Activity: Return only those lines of the listing in which "numbers" appears.

Dataset content:
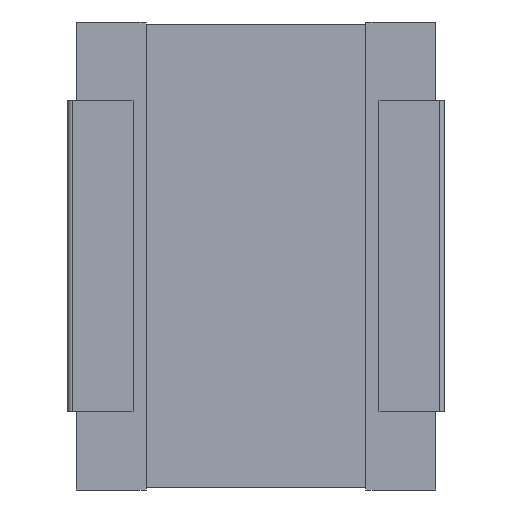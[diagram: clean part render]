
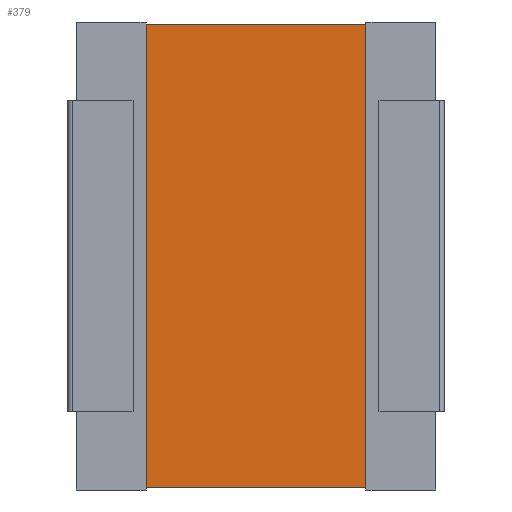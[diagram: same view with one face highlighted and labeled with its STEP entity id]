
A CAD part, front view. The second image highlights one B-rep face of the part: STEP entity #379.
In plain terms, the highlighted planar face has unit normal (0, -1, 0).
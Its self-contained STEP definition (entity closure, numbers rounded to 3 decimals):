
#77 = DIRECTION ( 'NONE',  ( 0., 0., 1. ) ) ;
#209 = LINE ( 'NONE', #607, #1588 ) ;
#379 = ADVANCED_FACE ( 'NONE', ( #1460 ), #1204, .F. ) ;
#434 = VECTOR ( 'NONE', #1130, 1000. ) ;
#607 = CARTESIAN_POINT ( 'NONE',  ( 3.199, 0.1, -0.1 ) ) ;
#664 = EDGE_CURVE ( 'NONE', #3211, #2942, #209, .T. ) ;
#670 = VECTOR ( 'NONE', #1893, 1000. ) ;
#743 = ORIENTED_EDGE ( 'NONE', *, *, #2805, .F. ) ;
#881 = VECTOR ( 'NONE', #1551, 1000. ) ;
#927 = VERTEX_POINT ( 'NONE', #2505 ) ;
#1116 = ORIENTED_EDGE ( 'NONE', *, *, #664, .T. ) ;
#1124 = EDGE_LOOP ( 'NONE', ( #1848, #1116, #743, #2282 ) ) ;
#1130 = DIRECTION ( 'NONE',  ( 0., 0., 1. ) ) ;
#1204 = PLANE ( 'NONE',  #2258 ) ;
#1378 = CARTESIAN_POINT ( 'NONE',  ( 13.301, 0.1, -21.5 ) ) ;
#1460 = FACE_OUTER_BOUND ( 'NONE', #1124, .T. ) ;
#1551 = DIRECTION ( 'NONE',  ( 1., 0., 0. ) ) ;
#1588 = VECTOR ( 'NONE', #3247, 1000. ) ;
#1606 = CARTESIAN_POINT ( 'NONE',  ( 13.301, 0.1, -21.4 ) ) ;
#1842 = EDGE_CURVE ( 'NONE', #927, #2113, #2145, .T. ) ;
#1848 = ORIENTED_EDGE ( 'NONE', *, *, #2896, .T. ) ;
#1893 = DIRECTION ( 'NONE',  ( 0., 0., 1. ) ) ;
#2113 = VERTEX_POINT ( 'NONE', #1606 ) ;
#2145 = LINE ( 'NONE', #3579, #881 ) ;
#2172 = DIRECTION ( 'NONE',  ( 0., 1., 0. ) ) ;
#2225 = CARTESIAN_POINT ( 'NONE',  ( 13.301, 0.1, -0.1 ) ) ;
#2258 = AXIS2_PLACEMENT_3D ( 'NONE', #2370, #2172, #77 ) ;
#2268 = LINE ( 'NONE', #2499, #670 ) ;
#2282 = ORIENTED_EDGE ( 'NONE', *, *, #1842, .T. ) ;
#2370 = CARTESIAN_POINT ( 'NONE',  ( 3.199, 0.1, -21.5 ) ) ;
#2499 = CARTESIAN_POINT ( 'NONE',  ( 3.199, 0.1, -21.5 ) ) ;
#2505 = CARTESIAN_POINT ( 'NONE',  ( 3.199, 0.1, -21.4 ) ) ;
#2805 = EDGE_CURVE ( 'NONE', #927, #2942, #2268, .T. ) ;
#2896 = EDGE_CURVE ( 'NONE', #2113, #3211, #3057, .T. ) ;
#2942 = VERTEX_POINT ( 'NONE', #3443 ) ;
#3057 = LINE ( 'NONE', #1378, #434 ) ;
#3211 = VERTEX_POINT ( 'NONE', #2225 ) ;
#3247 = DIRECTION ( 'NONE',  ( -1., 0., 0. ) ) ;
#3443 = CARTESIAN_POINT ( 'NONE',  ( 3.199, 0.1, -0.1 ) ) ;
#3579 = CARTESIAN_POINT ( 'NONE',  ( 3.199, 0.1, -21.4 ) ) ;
* * *
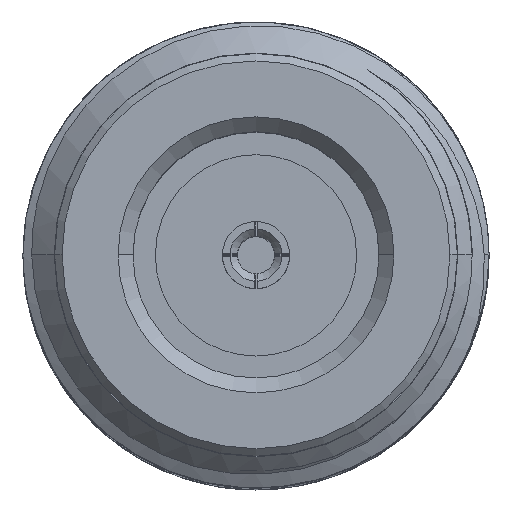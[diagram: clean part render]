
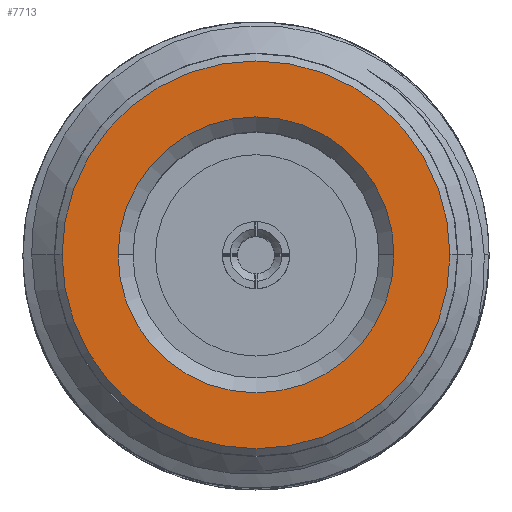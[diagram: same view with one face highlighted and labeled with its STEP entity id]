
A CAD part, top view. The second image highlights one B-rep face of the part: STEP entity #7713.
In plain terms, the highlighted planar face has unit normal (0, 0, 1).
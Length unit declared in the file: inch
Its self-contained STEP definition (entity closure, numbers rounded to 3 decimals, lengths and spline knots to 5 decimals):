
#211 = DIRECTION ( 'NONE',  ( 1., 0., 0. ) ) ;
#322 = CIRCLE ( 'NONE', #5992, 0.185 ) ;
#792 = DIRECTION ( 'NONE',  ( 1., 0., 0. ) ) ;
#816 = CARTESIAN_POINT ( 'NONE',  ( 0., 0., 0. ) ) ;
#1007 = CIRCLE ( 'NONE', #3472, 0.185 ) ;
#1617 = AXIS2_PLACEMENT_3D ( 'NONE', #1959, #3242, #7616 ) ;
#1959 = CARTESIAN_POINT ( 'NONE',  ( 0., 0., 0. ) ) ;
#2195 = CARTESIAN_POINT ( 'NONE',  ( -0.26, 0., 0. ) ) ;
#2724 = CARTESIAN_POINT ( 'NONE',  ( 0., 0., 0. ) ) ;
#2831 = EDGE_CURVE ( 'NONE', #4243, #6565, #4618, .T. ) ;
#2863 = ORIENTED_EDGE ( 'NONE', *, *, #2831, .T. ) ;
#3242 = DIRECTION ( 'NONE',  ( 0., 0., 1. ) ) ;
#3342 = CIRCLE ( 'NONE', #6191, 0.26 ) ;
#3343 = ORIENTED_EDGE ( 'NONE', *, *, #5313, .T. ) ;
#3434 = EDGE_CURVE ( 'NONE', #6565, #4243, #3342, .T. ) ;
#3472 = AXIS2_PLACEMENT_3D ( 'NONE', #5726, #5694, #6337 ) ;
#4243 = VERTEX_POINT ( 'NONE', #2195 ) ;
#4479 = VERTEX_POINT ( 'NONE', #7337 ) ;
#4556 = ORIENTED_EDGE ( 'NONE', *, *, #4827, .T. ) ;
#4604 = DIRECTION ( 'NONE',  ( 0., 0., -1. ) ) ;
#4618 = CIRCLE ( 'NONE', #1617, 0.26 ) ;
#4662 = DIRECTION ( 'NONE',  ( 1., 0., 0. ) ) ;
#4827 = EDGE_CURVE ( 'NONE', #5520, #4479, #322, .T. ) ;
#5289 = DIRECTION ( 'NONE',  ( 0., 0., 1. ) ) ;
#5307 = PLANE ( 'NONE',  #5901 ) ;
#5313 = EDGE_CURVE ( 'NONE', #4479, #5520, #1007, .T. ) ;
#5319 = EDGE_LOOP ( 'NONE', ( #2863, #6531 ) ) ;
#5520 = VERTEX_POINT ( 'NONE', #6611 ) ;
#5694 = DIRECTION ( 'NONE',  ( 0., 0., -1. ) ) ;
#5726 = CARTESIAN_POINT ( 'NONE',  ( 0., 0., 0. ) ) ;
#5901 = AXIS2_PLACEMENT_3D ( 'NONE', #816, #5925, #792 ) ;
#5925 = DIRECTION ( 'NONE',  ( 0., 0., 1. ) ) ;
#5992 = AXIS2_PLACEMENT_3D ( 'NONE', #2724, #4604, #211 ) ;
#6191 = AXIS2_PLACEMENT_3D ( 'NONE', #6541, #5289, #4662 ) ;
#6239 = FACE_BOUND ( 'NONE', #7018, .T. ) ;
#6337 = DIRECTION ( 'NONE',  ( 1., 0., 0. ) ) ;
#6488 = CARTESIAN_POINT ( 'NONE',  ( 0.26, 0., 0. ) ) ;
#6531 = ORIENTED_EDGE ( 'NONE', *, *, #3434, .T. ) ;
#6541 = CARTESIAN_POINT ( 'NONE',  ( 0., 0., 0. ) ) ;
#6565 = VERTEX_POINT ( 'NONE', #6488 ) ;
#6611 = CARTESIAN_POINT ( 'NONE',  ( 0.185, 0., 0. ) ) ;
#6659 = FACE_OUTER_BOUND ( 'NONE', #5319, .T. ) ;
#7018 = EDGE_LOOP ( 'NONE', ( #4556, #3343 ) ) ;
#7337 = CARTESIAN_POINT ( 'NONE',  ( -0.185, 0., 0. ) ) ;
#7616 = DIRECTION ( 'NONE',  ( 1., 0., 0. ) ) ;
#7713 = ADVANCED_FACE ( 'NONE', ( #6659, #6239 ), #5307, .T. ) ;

Your response:
Its self-contained STEP definition (entity closure, numbers rounded to 3 decimals):
Its self-contained STEP definition (entity closure, numbers rounded to 3 decimals, lengths and spline knots to 5 decimals):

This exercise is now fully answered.